Sunday, May 02, 2010

Solving Sylvia?

I almost regret getting stuck into Ariel's Gift last week, as it ended up with me re-reading Birthday Letters, Ariel (the facsimile of her original ms), reading Her Husband, by Diane Middlebrook, and then turning to the internet to order Plath's Collected Poems (I did have this, but don't know where it's gone), as well as her Journals, Letters Home (you need these both, apparently, to balance each other out), and Johnny Panic & her collected Prose. I stopped myself just as the bill came to the 100 mark, at the children's stories - but only just.

I've also ordered some Anne Sexton, and Anne Stevenson's Bitter Fame, oh and AS's Collected too, I read her work at AMK and decided I really should have my own copy. But that's by the by.

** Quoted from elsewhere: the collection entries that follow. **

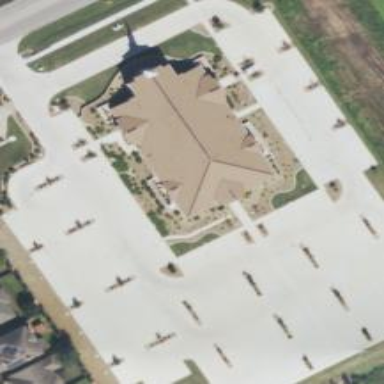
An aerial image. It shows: Beautiful church building.
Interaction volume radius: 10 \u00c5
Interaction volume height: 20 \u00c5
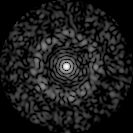
Disorder parameter: 0.8423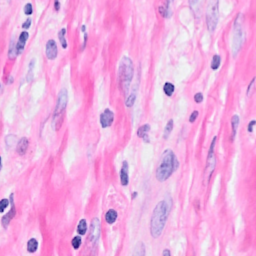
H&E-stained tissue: Breast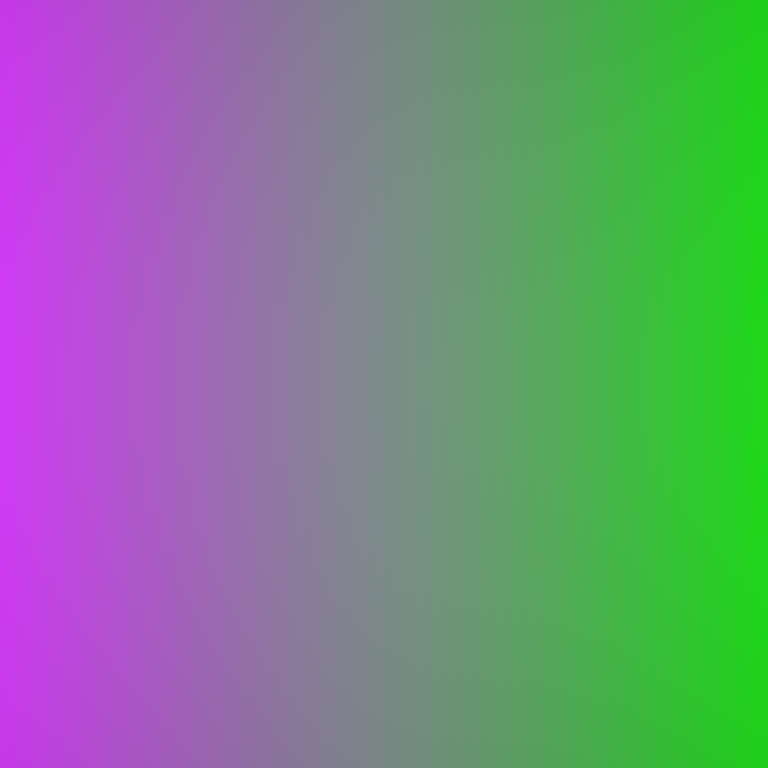
Abstract light effect, smooth gradient from violet to green, calm atmosphere, soft blend, no room, no furniture, no objects.
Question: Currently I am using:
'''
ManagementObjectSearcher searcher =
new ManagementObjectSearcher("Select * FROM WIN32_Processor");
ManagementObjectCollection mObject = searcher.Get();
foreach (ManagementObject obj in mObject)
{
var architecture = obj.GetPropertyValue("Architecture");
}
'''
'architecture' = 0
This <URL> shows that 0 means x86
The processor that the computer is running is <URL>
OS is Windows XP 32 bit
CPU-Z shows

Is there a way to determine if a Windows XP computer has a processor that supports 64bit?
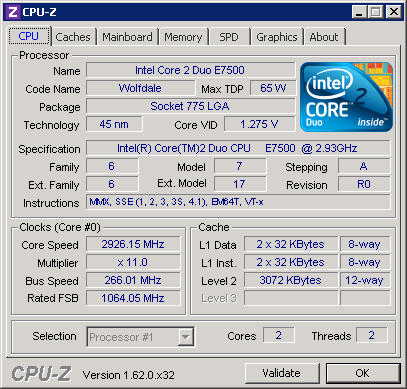
Answer: It may not be ideal, but it's relatively straightforward to create a (native) DLL using VC++ or the like and query the processor's features directly. This method could then be PInvoked from your C# application.
The following C++ method would return 'true' when run on a 64 bit capable processor, and 'false' on a 32 bit only processor (whether the OS is 32 or 64 bit):
'''
bool __declspec(naked) IsCPU64BitCapable()
{
__asm
{
// Save EBX since it's affected by CPUID
push ebx
// Determine whether the CPU supports retrieving extended feature data
mov eax, 0x80000000
cpuid
cmp eax, 0x80000000
// No extended data => no 64 bit
jbe no_extended_data
// Request extended feature data
mov eax, 0x80000001
cpuid
// Bit 29 of EDX will now indicate whether the CPU is 64 bit capable
mov eax, edx
shr eax, 29
and eax, 1
jmp extended_data
no_extended_data:
xor eax,eax
extended_data:
// Restore EBX
pop ebx
ret
}
}
'''
This method can then be used from C# using:
'''
[DllImport("Test64Bit.dll")]
private static extern bool IsCPU64BitCapable();
'''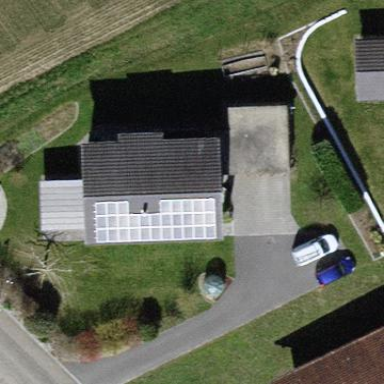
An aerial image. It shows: Gabled roofed house.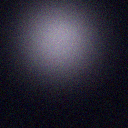
Screen state: off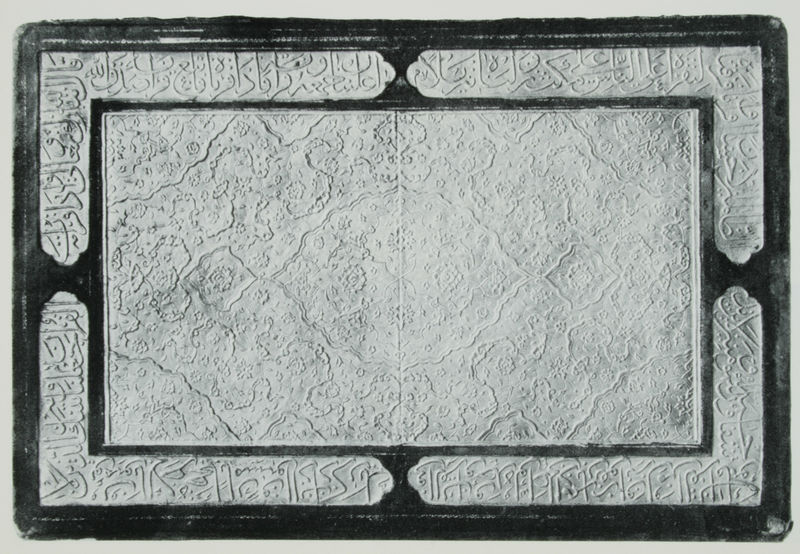
Titel: Ledergebundenes Koranfaszikel
Standort: Berlin
Institution: Museum für Islamische Kunst
Schlagwörter: blau, blätter, dunkel, weiß, landschaft, sand, blume, grau, mitte, schmuck, schwarz, skizze, symbol, zeichen, zeichnung, blüten, beige, muster, ornament, teppich, rahmen, bild, spiegel, felder, gold, decke, arbeit, oval, umrandung, ranken, hellblau, relief, schrift, papier, rahmung, linien, rand, erhaben, tafel, falte, handarbeit, symmetrie, floral, lesen, ornamente, verzierung, metall, stuck, platte, schriftzeichen, aufsicht, foto, fotografie, oben, rechtecke, gemustert, vier, deckel, buch, orient, orientalisch, rechteck, linie, oberfläche, druck, schwarzweiss, künstler, scharz, text, buchstaben, kunst, flora, tischplatte, darstellung, gravierung, gravur, buchdeckel, einband, kasten, photo, ecken, geometrisch, arabisch, handwerk, verputzt, eck, leder, profan, struktur, fresken, aussen, viereckig, fresko, mittelpunkt, schreiber, gips, mittelfeld, einfassung, quadrat, viereck, arabien, islam, ränder, natürlich, araber, relieff, prägung, ägypten, quadratisch, goldschmied, kalk, blaupause, umlaufend, sprünge, buchmalerei, muslimisch, islamisch, moslem, islamische kunst, rahmens, koran, graviert, arabische schriftzeichen, felser, bedruckt, reliefe, geprägt, elfenebin, ffräßung, gedrückt, isla, schriftfelder, unterteilt, hyorgliphen, perforierung, museter

Anyhoo, what do I think of the whole thing? I find S&T's whole story appallingly fascinating. Their sad story reminds me of my own parents: miserable together, miserable without each other. My mother felt trapped by the whole marriage versus a creative life. Like SP, my mother had an American upbringing and education (her parents fled France when WWII broke out). In Dublin at the end of the 60s, at the age of twenty-one, she met my dad, at uni, and got pregnant, married and ended up living in the back-of-beyond in a border-town-land just as the Troubles were starting away from the city lights, trying to raise children and have a creative life. The strain of trying, coupled with the loss of a baby, I think, caused her mental unravelling, and contributed to the subsequent demise of the marriage. He too had his own mental and personal issues - there are always two sides, and then ten more, to any story.

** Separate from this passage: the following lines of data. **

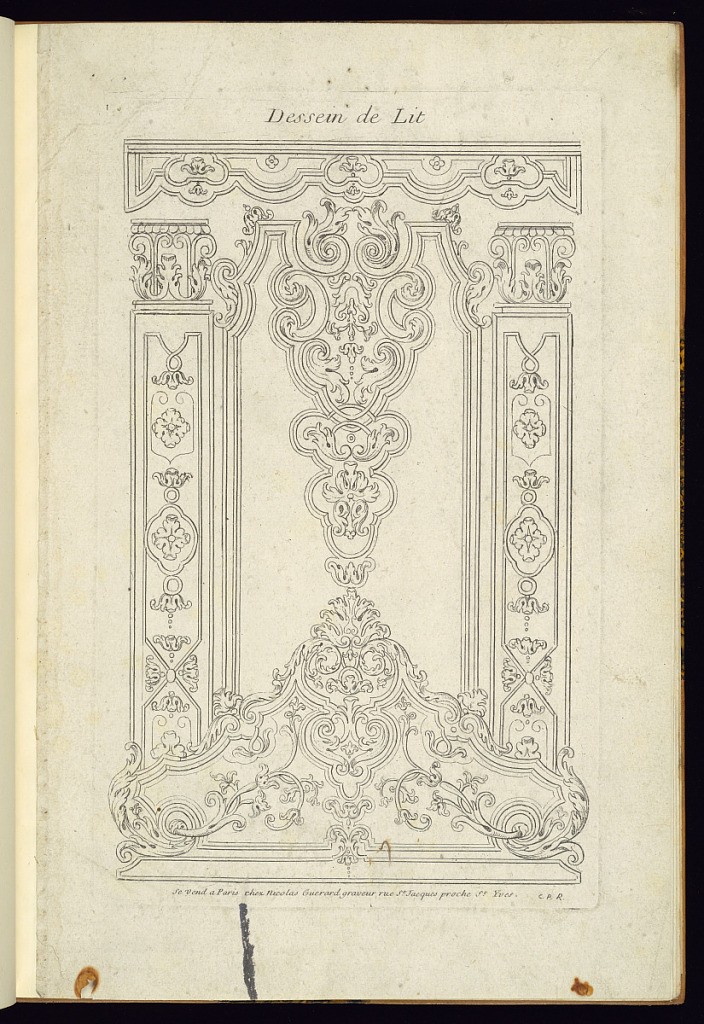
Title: Title Page
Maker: Nicolas Guérard, French, ca.1648 – 1719
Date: late 17th century
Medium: Etching on laid paper
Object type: Print
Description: Title page for a series of embroidered bed hangings. Desings for a headboard, backpiece and valance featuring strapwork, fleurons, rosettes, foliate scrolls, and scrolling acanthus leaves. The plate is titled and signed.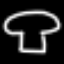
Label: mushroom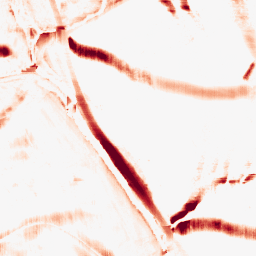
Category: morphological
Decomposition family: morphological_square
Decomposition parameters: operation: opening
size: 20
Upsampling method: sinc_hamming
Upsampling parameters: scale: 2
kernel_size: 8
Upsampling scale: 2
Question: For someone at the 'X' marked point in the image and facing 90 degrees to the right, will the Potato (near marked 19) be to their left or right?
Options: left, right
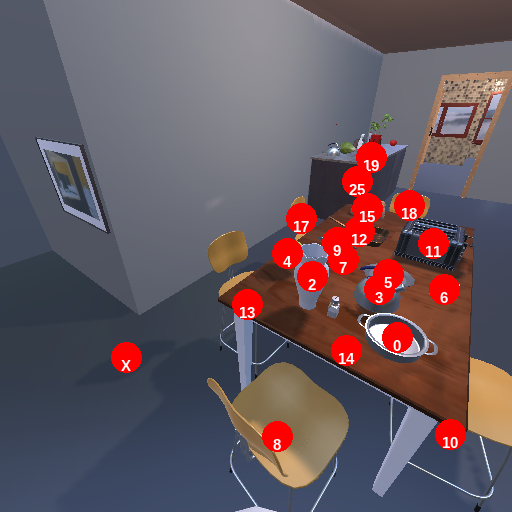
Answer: left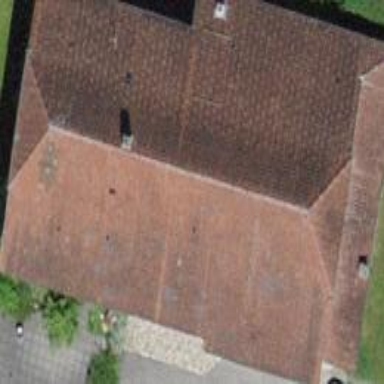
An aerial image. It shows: Farm building.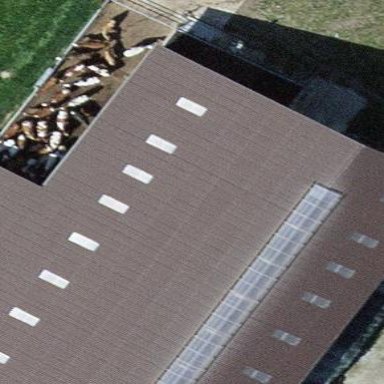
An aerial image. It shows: Shed.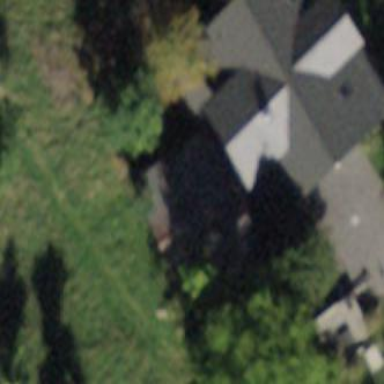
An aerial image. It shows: Rural barn.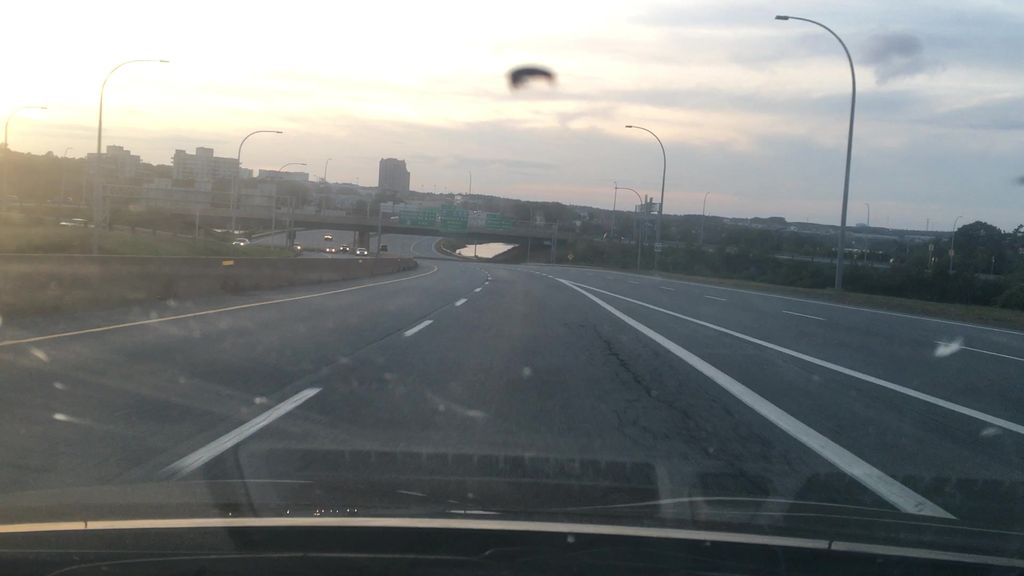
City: halifax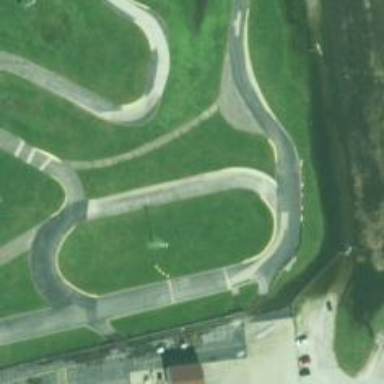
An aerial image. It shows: Karting raceway used for motor sport activities.
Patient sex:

Weirdly (or perhaps not, if you're a psychologist), I've found myself in slightly similar circumstances to my mother: six children and all the concomitant responsibilities that go with those different personalities; as well as my own wants, wishes and desires for a working creative life. I guess you could say that I'm looking at my options; weighing my life and wondering, Have I got the balance right? Am I doing what I want to be doing? I'm beginning to think that the answer may not be what I want it to be; so I'm going to have to think strongly about what's important to me: the writing I should be doing, instead of the energy I give to others in the teaching process (Plath & Hughes taught in the US for a year; they didn't do much writing).

But back to the original spark of this journal-post: Ariel's Gift is designed as a sort of primer; like a literary York notes to Hughes' Birthday Letters. Erica Wagner takes each part of the couple's life together and matches the poems of that period. It begins with the infamous meeting of Plath & Hughes (she reciting his recently published poem back to him; he being snarling and manly - and all the rest) and goes on from there.

After a certain point, I couldn't escape feeling that Birthday Letters is more than an apologia gleaned from a lifetime of mourning and regret. Hughes would always write from the vantage point of selectively looking in his rear-view mirror; how he sees things and how he has to re-read her work in cataloguing it for posterity (and sale to Smith College) -memory being a trickster too. BL is in some aspects a synthesis of both of their work; the working relationship they had once shared was almost symbiotic: they re-used each other's mss to write on, they seized on each other's images and metaphors from poem to poem. In Hughes re-reading of her work, re-working of this material personal to them both, perhaps he came more to terms with the psychic rift that occured between them - but this is to trivialise the whole matter, and to re-hash what a whole pile of other people have written as well; I do realise.

Our fascination as a reader is with the what-ifs: what if she had lived and gone on to develop her writing talent; what could her riposte have been. That is why their story is enduringly fascinating to me - almost fifty years later; that and the personal similarities that I identify with.